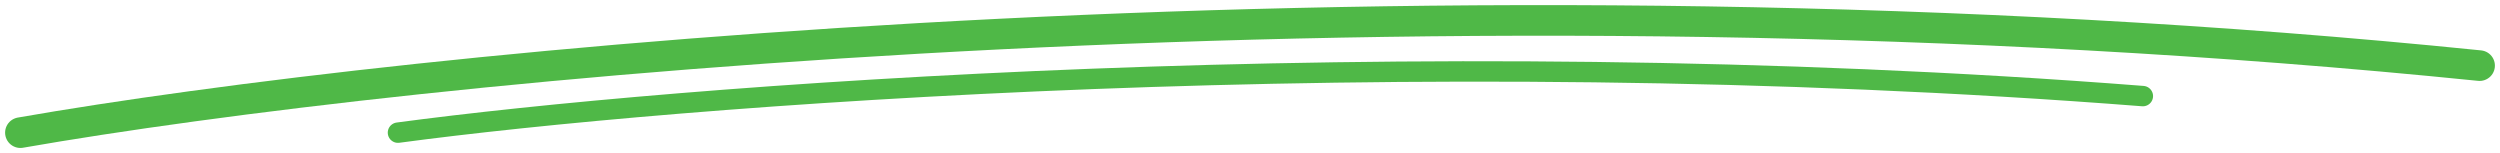 <?xml version="1.0" encoding="UTF-8"?> <svg xmlns="http://www.w3.org/2000/svg" width="245" height="15" viewBox="0 0 245 15" fill="none"><path d="M2 13C39.462 6.453 140.109 -4.026 243 6.431" stroke="#4FB847" stroke-width="3" stroke-linecap="round"></path><path d="M39 13C65.581 9.429 136.994 3.713 210 9.417" stroke="#4FB847" stroke-width="2" stroke-linecap="round"></path></svg> 
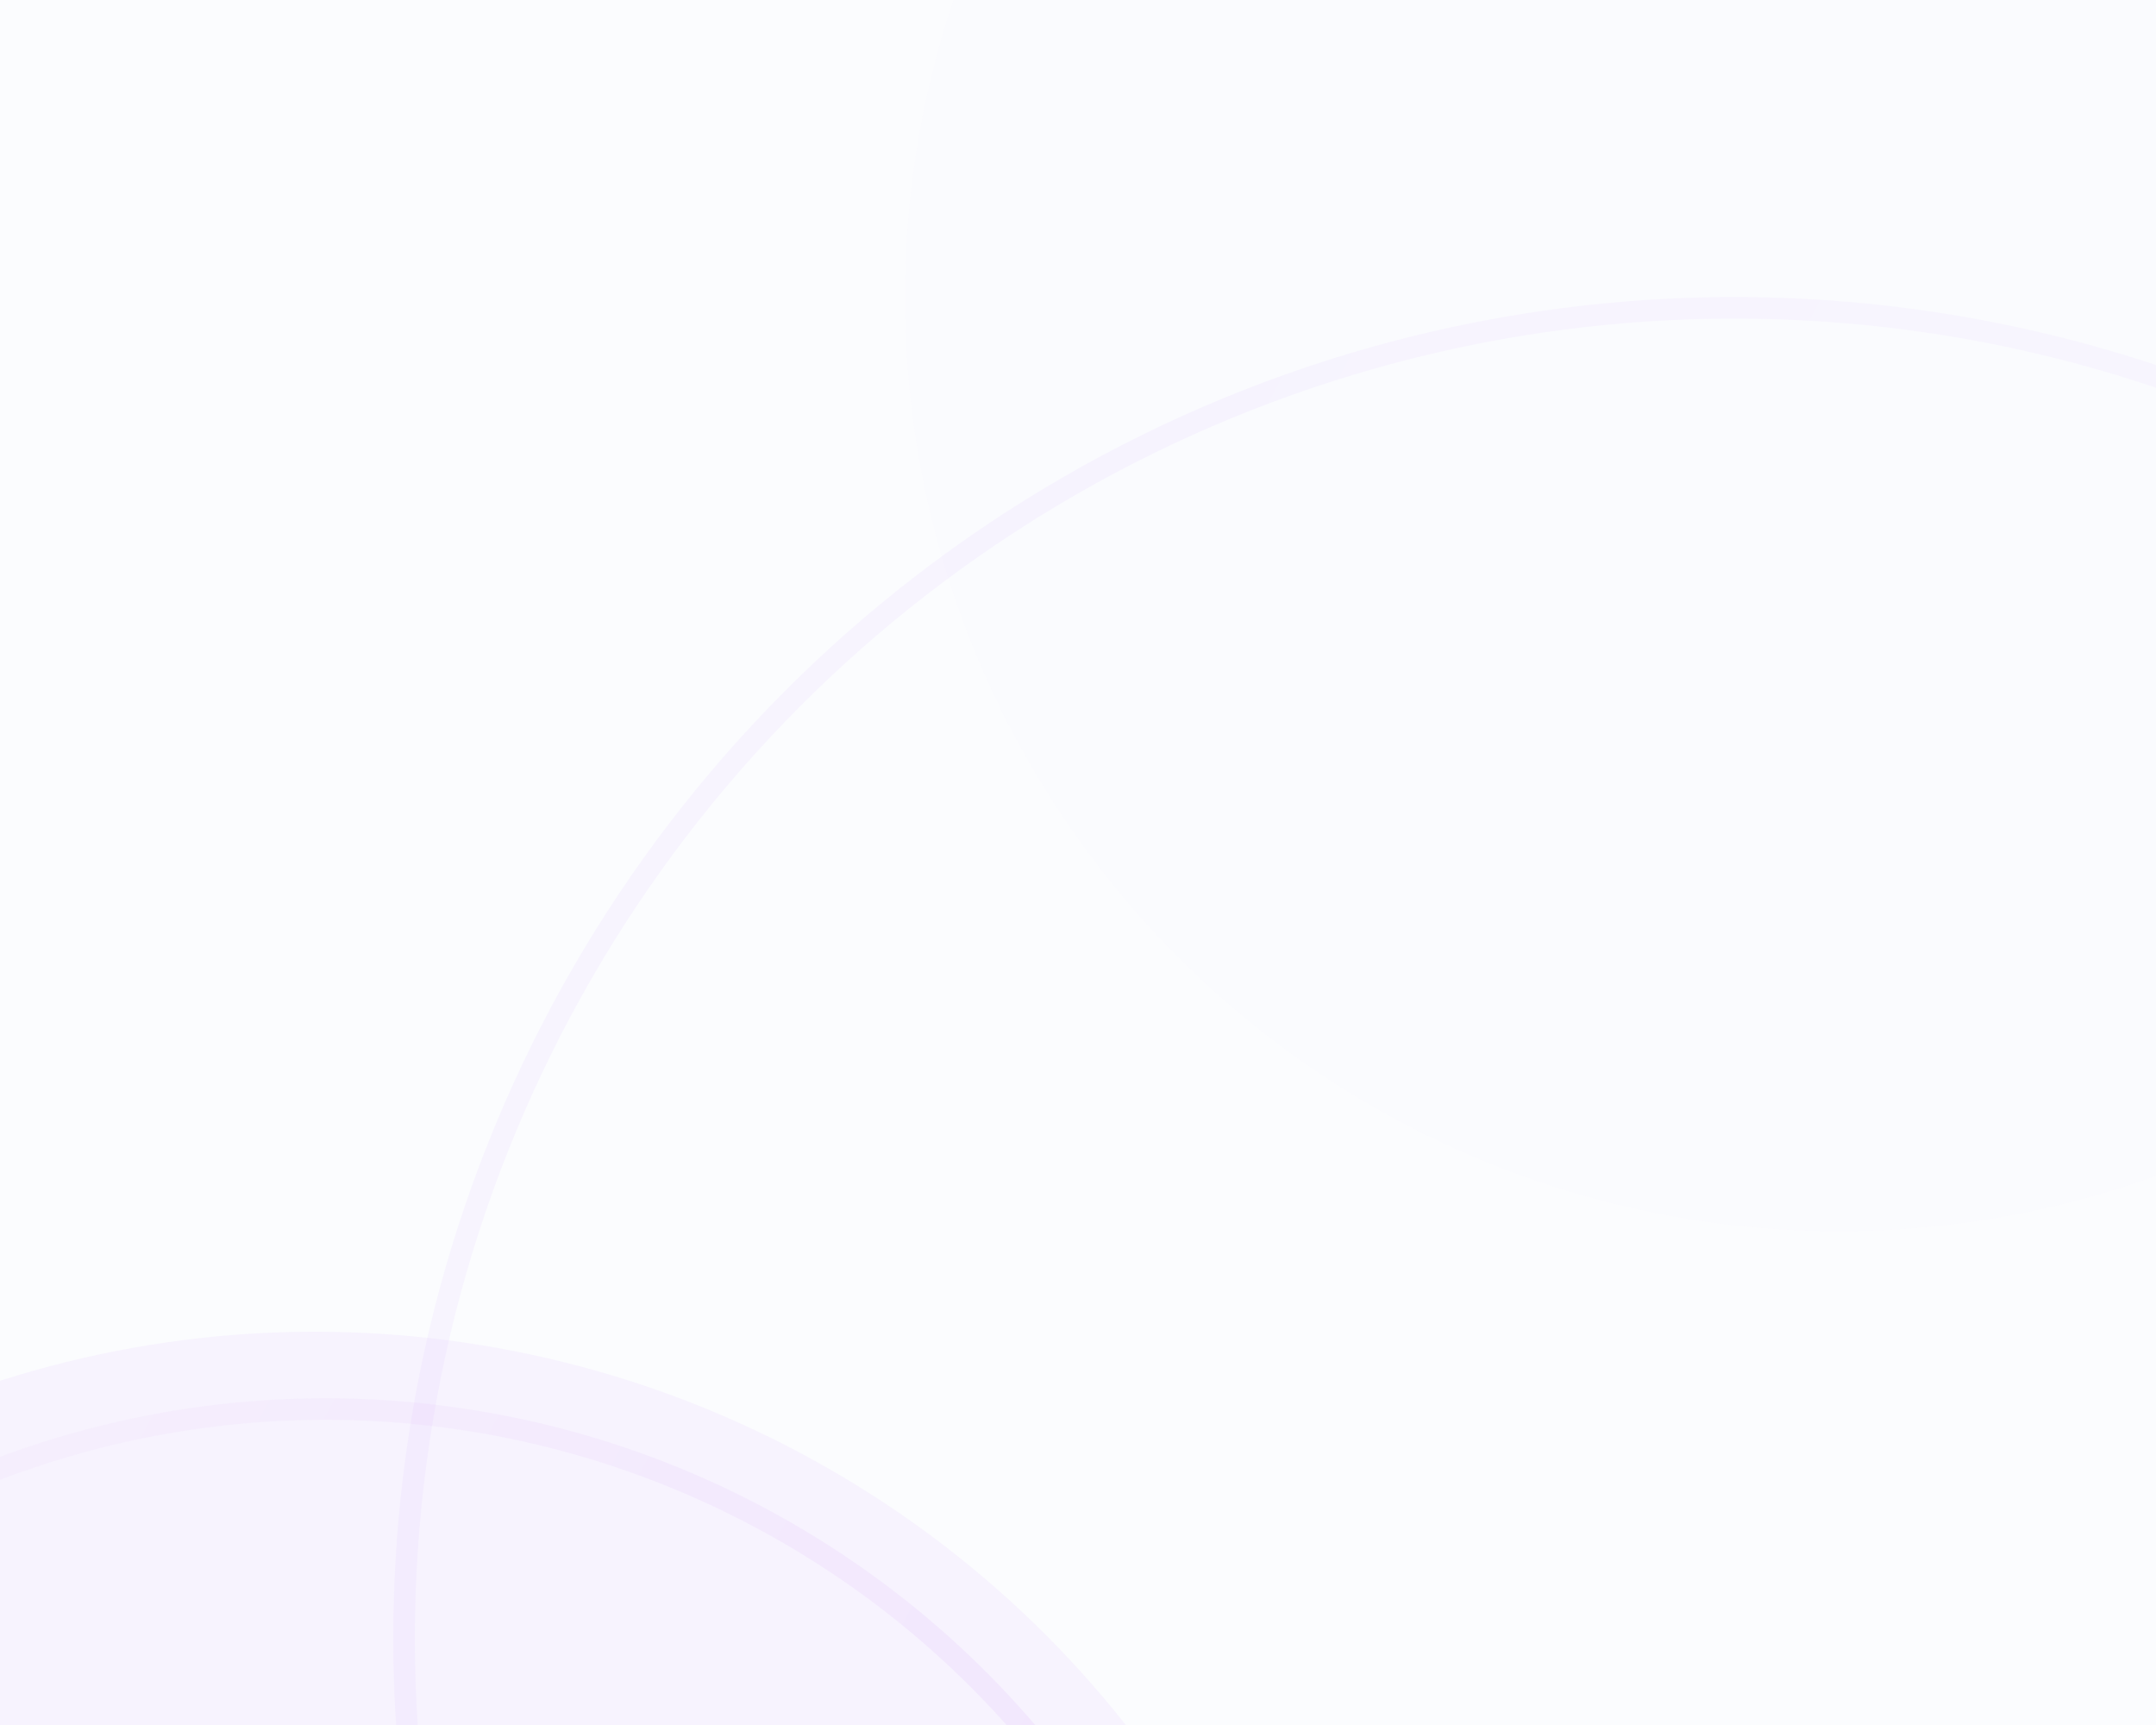 <svg width="200" height="160" viewBox="0 0 200 160" fill="none" xmlns="http://www.w3.org/2000/svg">
<g clip-path="url(#clip0_35407_63943)">
<rect width="200" height="160" fill="#FBFCFE"/>
<g opacity="0.01" filter="url(#filter0_f_35407_63943)">
<circle cx="170.604" cy="27.551" r="86.65" fill="#AC49FC"/>
</g>
<g opacity="0.05" filter="url(#filter1_f_35407_63943)">
<circle cx="29.199" cy="219.342" r="95.824" fill="#AC49FC"/>
</g>
<circle opacity="0.1" cx="30.197" cy="216.344" r="85.65" stroke="url(#paint0_linear_35407_63943)" stroke-width="2"/>
<circle opacity="0.05" cx="160.894" cy="151.96" r="123.41" stroke="url(#paint1_linear_35407_63943)" stroke-width="2"/>
</g>
<defs>
<filter id="filter0_f_35407_63943" x="-6.047" y="-149.1" width="353.301" height="353.301" filterUnits="userSpaceOnUse" color-interpolation-filters="sRGB">
<feFlood flood-opacity="0" result="BackgroundImageFix"/>
<feBlend mode="normal" in="SourceGraphic" in2="BackgroundImageFix" result="shape"/>
<feGaussianBlur stdDeviation="45" result="effect1_foregroundBlur_35407_63943"/>
</filter>
<filter id="filter1_f_35407_63943" x="-116.625" y="73.518" width="291.648" height="291.648" filterUnits="userSpaceOnUse" color-interpolation-filters="sRGB">
<feFlood flood-opacity="0" result="BackgroundImageFix"/>
<feBlend mode="normal" in="SourceGraphic" in2="BackgroundImageFix" result="shape"/>
<feGaussianBlur stdDeviation="25" result="effect1_foregroundBlur_35407_63943"/>
</filter>
<linearGradient id="paint0_linear_35407_63943" x1="-56.453" y1="131.441" x2="148.454" y2="243.401" gradientUnits="userSpaceOnUse">
<stop stop-color="#F8EFFF"/>
<stop offset="1" stop-color="#AC49FC"/>
</linearGradient>
<linearGradient id="paint1_linear_35407_63943" x1="36.484" y1="30.06" x2="330.683" y2="190.808" gradientUnits="userSpaceOnUse">
<stop stop-color="#AC49FC"/>
<stop offset="1" stop-color="#F8EFFF"/>
</linearGradient>
<clipPath id="clip0_35407_63943">
<rect width="200" height="160" fill="white"/>
</clipPath>
</defs>
</svg>

◆ ◆ ◆ ◆ ◆

_TASK GOAL_
Quote the records in their entirety, keeping the wording exact and excluding pictures.

_WRITTEN SOLUTION_
 <?xml version="1.0" encoding="UTF-8"?> <svg xmlns="http://www.w3.org/2000/svg" width="245" height="15" viewBox="0 0 245 15" fill="none"><path d="M2 13C39.462 6.453 140.109 -4.026 243 6.431" stroke="#4FB847" stroke-width="3" stroke-linecap="round"></path><path d="M39 13C65.581 9.429 136.994 3.713 210 9.417" stroke="#4FB847" stroke-width="2" stroke-linecap="round"></path></svg> 
 <svg width="200" height="160" viewBox="0 0 200 160" fill="none" xmlns="http://www.w3.org/2000/svg">
<g clip-path="url(#clip0_35407_63943)">
<rect width="200" height="160" fill="#FBFCFE"/>
<g opacity="0.01" filter="url(#filter0_f_35407_63943)">
<circle cx="170.604" cy="27.551" r="86.65" fill="#AC49FC"/>
</g>
<g opacity="0.05" filter="url(#filter1_f_35407_63943)">
<circle cx="29.199" cy="219.342" r="95.824" fill="#AC49FC"/>
</g>
<circle opacity="0.1" cx="30.197" cy="216.344" r="85.65" stroke="url(#paint0_linear_35407_63943)" stroke-width="2"/>
<circle opacity="0.05" cx="160.894" cy="151.96" r="123.41" stroke="url(#paint1_linear_35407_63943)" stroke-width="2"/>
</g>
<defs>
<filter id="filter0_f_35407_63943" x="-6.047" y="-149.1" width="353.301" height="353.301" filterUnits="userSpaceOnUse" color-interpolation-filters="sRGB">
<feFlood flood-opacity="0" result="BackgroundImageFix"/>
<feBlend mode="normal" in="SourceGraphic" in2="BackgroundImageFix" result="shape"/>
<feGaussianBlur stdDeviation="45" result="effect1_foregroundBlur_35407_63943"/>
</filter>
<filter id="filter1_f_35407_63943" x="-116.625" y="73.518" width="291.648" height="291.648" filterUnits="userSpaceOnUse" color-interpolation-filters="sRGB">
<feFlood flood-opacity="0" result="BackgroundImageFix"/>
<feBlend mode="normal" in="SourceGraphic" in2="BackgroundImageFix" result="shape"/>
<feGaussianBlur stdDeviation="25" result="effect1_foregroundBlur_35407_63943"/>
</filter>
<linearGradient id="paint0_linear_35407_63943" x1="-56.453" y1="131.441" x2="148.454" y2="243.401" gradientUnits="userSpaceOnUse">
<stop stop-color="#F8EFFF"/>
<stop offset="1" stop-color="#AC49FC"/>
</linearGradient>
<linearGradient id="paint1_linear_35407_63943" x1="36.484" y1="30.06" x2="330.683" y2="190.808" gradientUnits="userSpaceOnUse">
<stop stop-color="#AC49FC"/>
<stop offset="1" stop-color="#F8EFFF"/>
</linearGradient>
<clipPath id="clip0_35407_63943">
<rect width="200" height="160" fill="white"/>
</clipPath>
</defs>
</svg>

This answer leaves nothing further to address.